Hannah Gross sits cross-legged on her living room floor making chain mail. Talking quietly, she says: "This piece is for a fashion-designer friend who's doing a shoot."
Her hands are constantly busy snipping and shaping lengths of stainless steel wire with pliers.
It's an unusual pastime - other people knit or do crosswords to keep their hands busy. But for her, making chain mail is interesting, complicated and something she can always do, even when fatigued and in bed, to keep the muscles in her hands from seizing.
Hannah is 28 years old and has suffered from fibromyalgia since she was 16. It is a disorder of the central nervous system which causes widespread muscle pain and fatigue. It's believed to affect 3-5 per cent of the population in New Zealand.
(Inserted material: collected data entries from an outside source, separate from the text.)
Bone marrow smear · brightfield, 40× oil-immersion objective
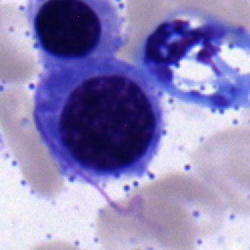 Classification: nucleated red cell.
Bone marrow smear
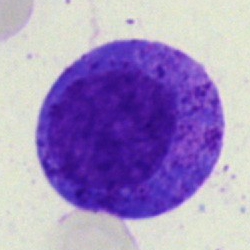
The cell shown is a promyelocyte.
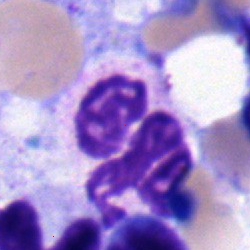 The cell is neutrophil (segmented).

Around 80 per cent of sufferers are women.
Fibromyalgia is an invisible illness.
There's nothing obvious to suggest Hannah's in pain but after a while you see the careful, upright way she holds herself - in the same manner as other people with a sore back. Though for Hannah it's not only a painful back, it's painful feet, joints, skin, everything.
"I've been in pain for 12 years. You kind of get used to it. I don't remember what it's like not to be in pain."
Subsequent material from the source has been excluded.